Redefining values for every generation
In the Sakıp Sabancı family, every family member has been given the space and flexibility to create their own passion within the wider family ecosystem.
While first-generation wealth creator Hacı Ömer Sabancı collected archaeological works and furniture, his son, Melisa Sabancı Tapan’s grandfather, was interested in calligraphy and early Turkish paintings. Leaning on the family’s values, with the freedom to follow his own path, he created the museum in the family home, redefining the Sabancı family values and serving as a perfect illustration of their family legacy.
Sabancı Tapan’s aunt, Dilek Sabancı, was passionate about disability inclusion and became the family advocate in bringing the Paralympics to Turkey, while her mother, Sevil Sabancı, loved contemporary art, so she focused on the family museum, creating her own collection while also becoming an athlete, going on to support the equestrian ecosystem in the country. The family museum is a testament to this reinterpretation of values.
“My journey took a different path,” explained Sabancı Tapan. “Through Gate 27, we intentionally design slow, process-driven spaces where meaningful, long-term change can emerge. We work with a careful selection process and have developed our own impact measurement framework, inspired by Social Value International, while adapting it to reflect the deeper, less visible layers of change. Our approach combines quantitative, qualitative, and psychological analysis – because impact must also tell a coherent story. We don’t think in terms of standalone projects, but in multi-layered journeys that evolve, deepen, and leave a lasting imprint.
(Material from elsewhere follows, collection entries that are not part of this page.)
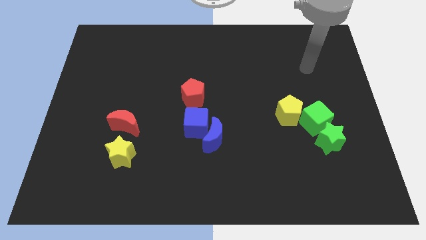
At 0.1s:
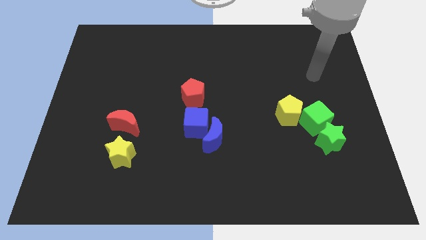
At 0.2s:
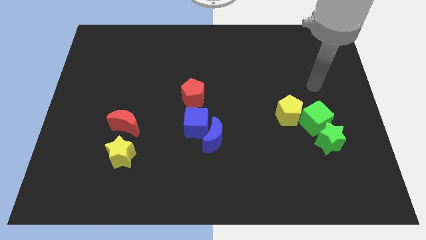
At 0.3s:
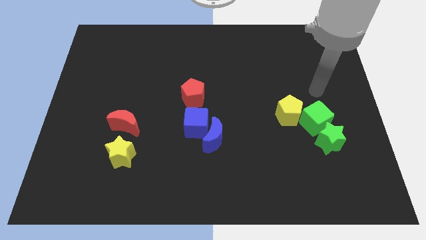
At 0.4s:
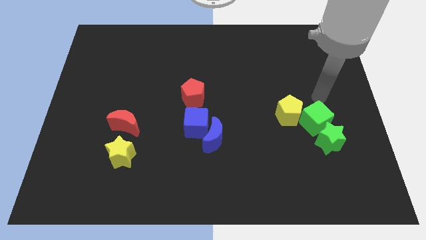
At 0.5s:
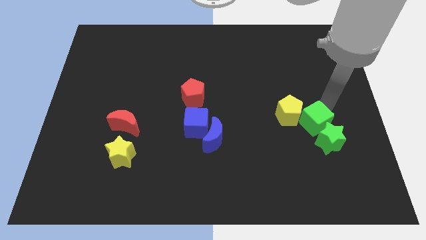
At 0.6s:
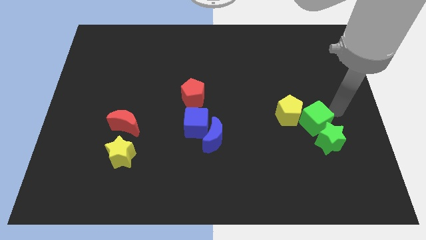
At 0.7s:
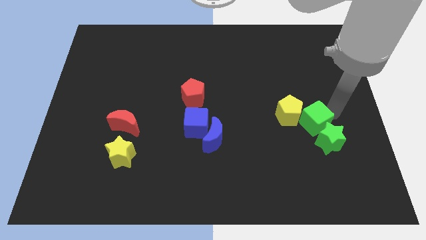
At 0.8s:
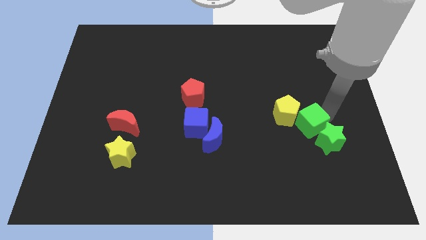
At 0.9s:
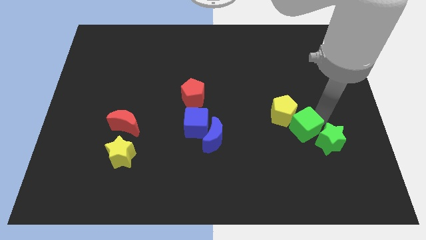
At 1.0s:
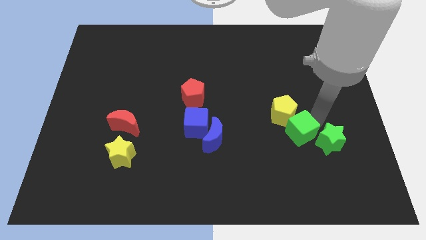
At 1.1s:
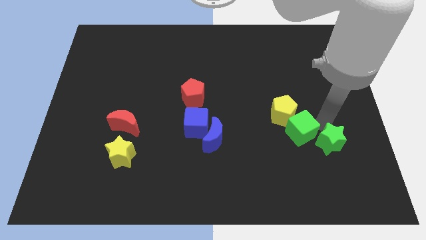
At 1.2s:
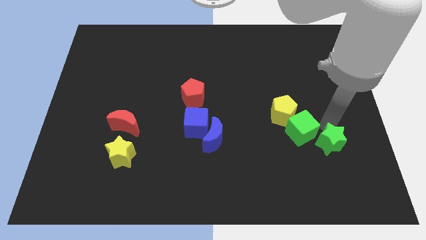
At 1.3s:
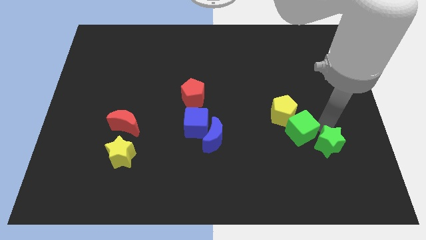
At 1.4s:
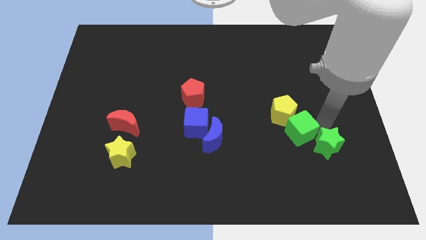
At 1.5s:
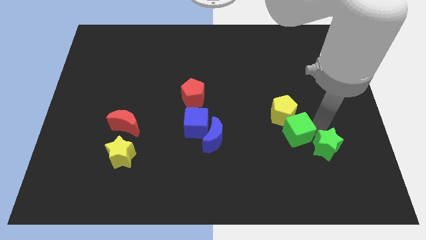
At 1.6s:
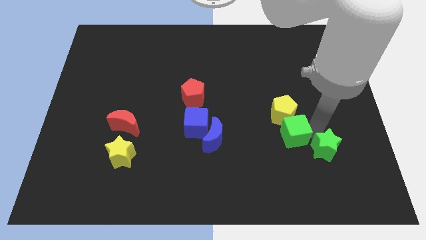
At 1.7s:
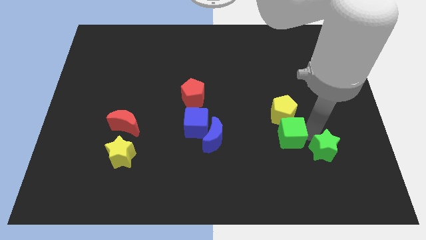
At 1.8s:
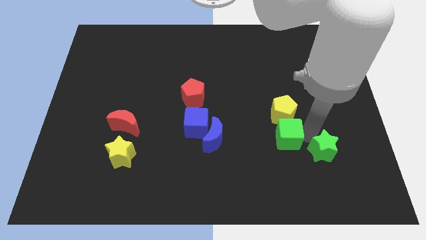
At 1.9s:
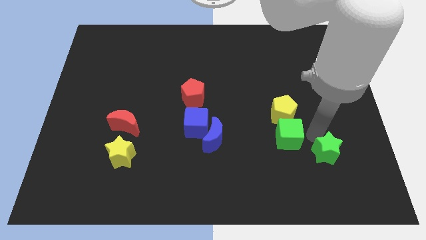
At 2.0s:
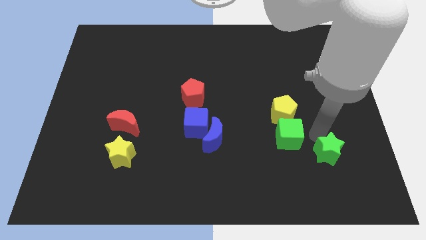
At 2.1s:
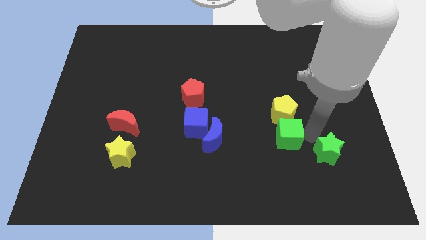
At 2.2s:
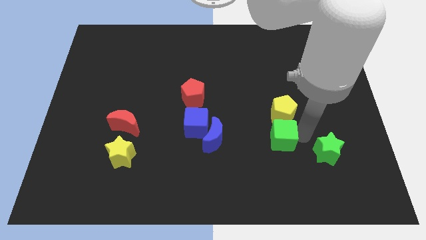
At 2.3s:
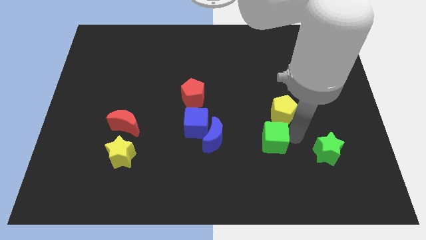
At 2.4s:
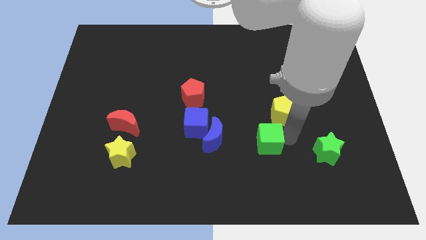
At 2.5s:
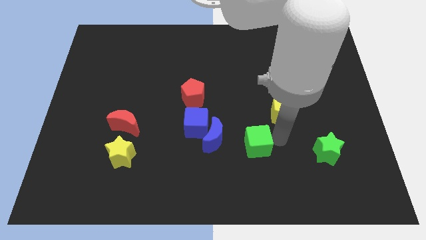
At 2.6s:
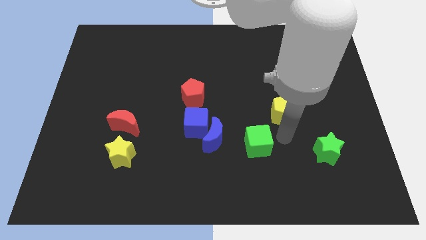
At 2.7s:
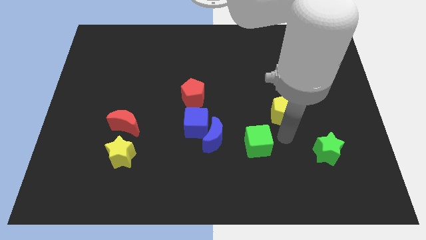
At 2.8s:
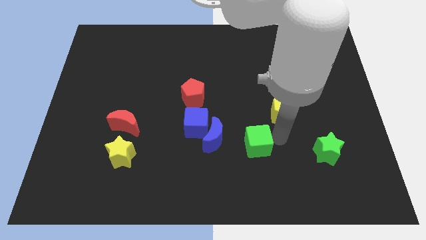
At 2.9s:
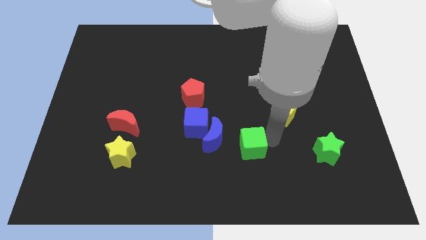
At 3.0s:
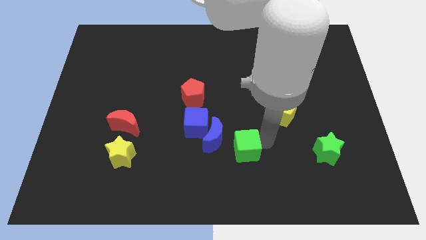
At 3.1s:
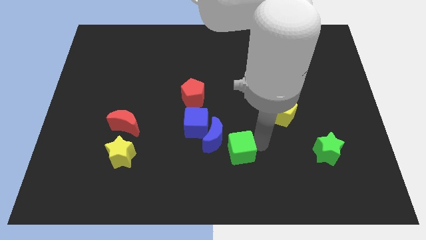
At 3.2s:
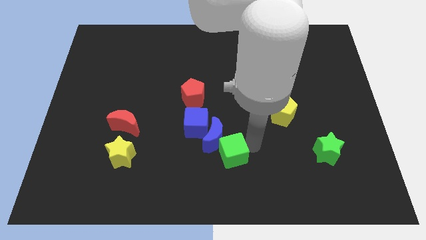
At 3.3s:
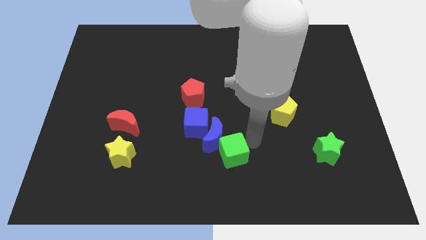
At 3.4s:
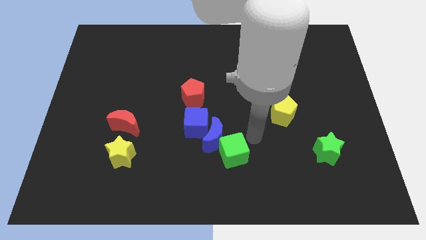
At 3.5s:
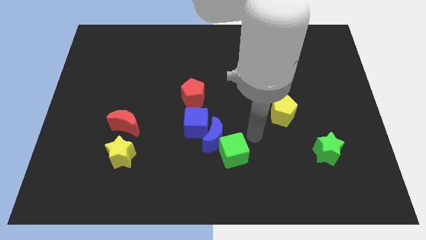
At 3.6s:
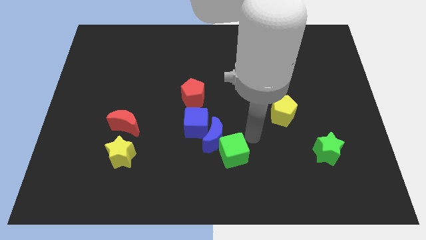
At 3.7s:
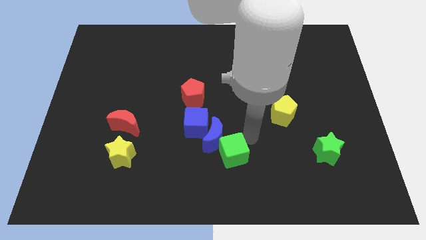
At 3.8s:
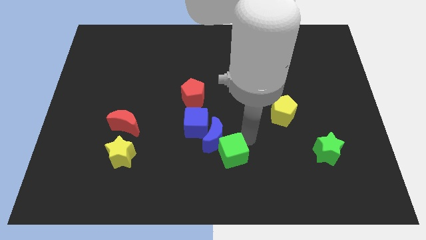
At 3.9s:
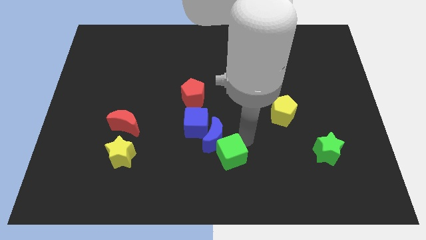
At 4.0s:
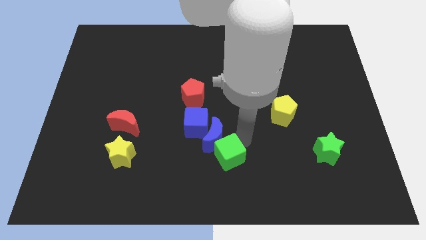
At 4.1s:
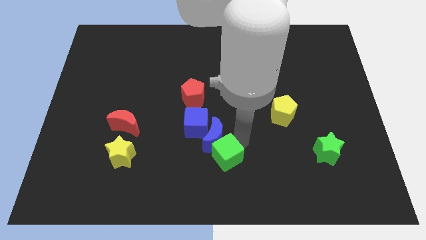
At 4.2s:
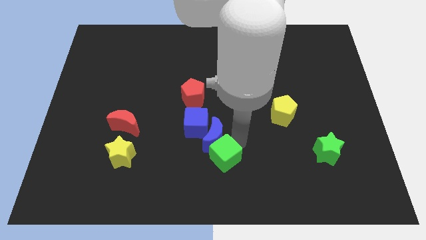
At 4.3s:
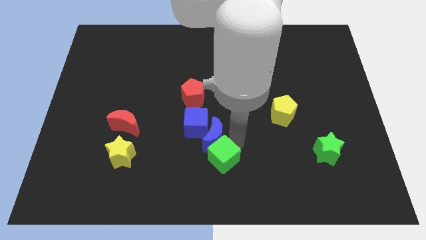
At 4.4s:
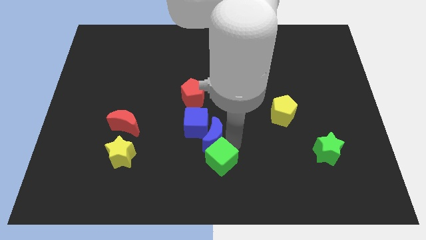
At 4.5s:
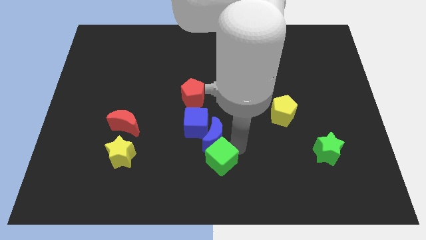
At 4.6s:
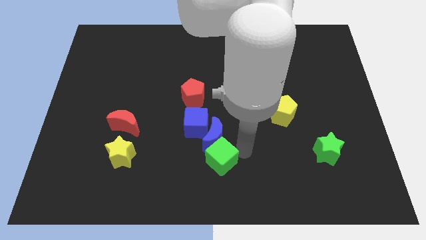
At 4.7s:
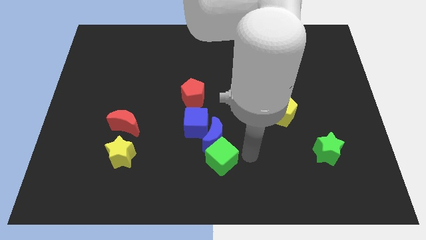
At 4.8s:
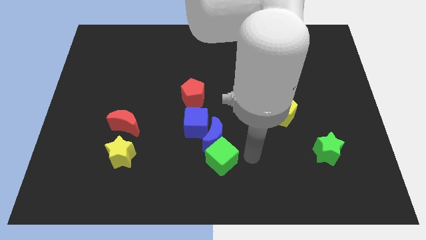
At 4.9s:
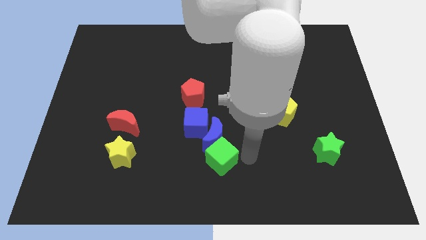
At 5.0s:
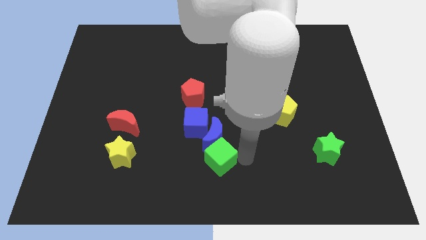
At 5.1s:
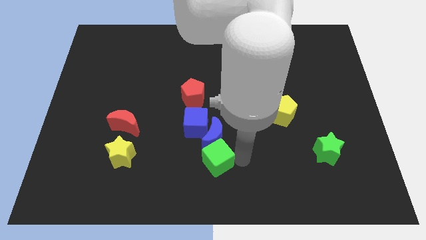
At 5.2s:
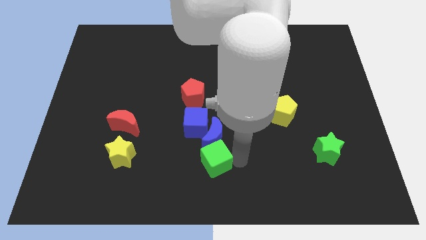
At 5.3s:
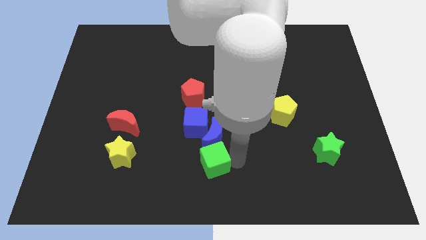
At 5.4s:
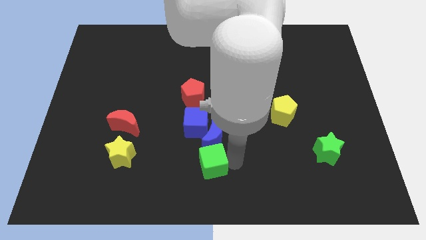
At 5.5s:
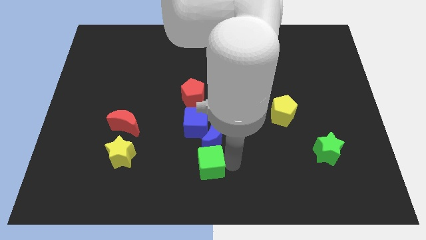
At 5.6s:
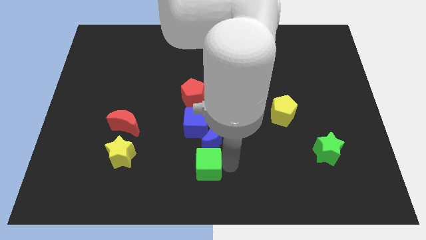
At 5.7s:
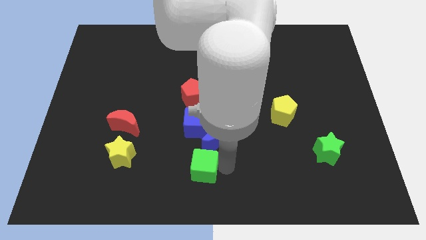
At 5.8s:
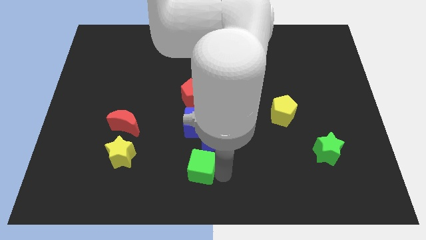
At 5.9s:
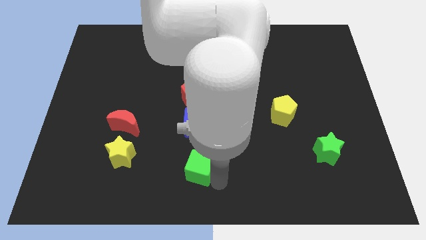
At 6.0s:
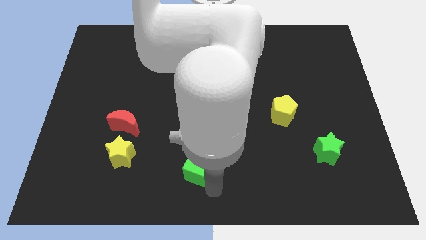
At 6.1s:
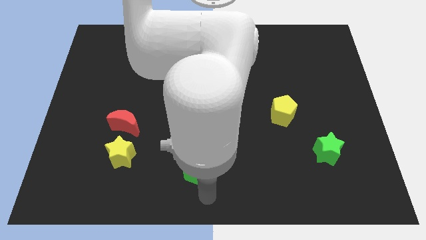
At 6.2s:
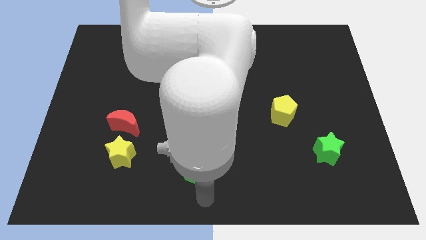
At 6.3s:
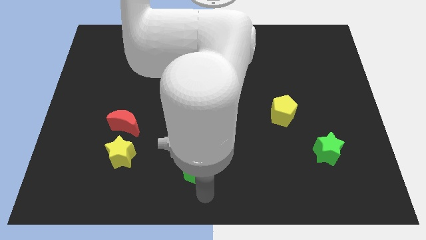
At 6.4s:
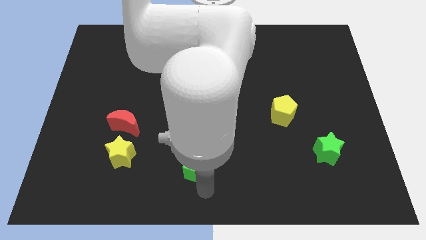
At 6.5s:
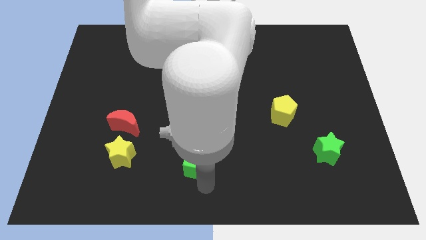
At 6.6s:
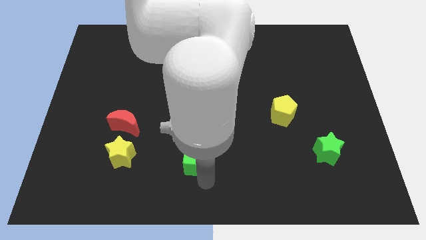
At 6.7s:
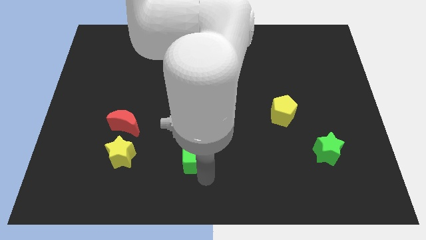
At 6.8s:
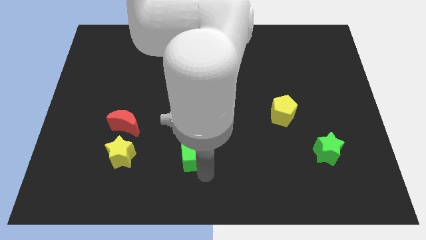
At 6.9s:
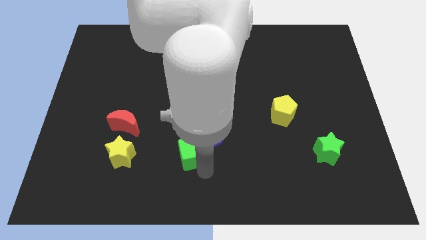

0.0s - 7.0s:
push the green cube below the red pentagon

“In our family, values are passed not as rigid inheritance, but as a space for personal interpretation. We encourage our members to take responsibility while contributing to society, listen, embrace collective wisdom, lead compassionately, and reinterpret our family vision with their own tools. Strength comes not from sameness, but from how we complete each other.
“Wealth owners need to think of the rising generation a lot like seeds. If we put them in a chest in a bid to protect them, they will die, but if we plant them in soil, they will thrive – adapting, transforming, and growing – as can everything else around them. It’s a mindset we apply to our growth as a family, where even the youngest voice matters, and what I hope to achieve.”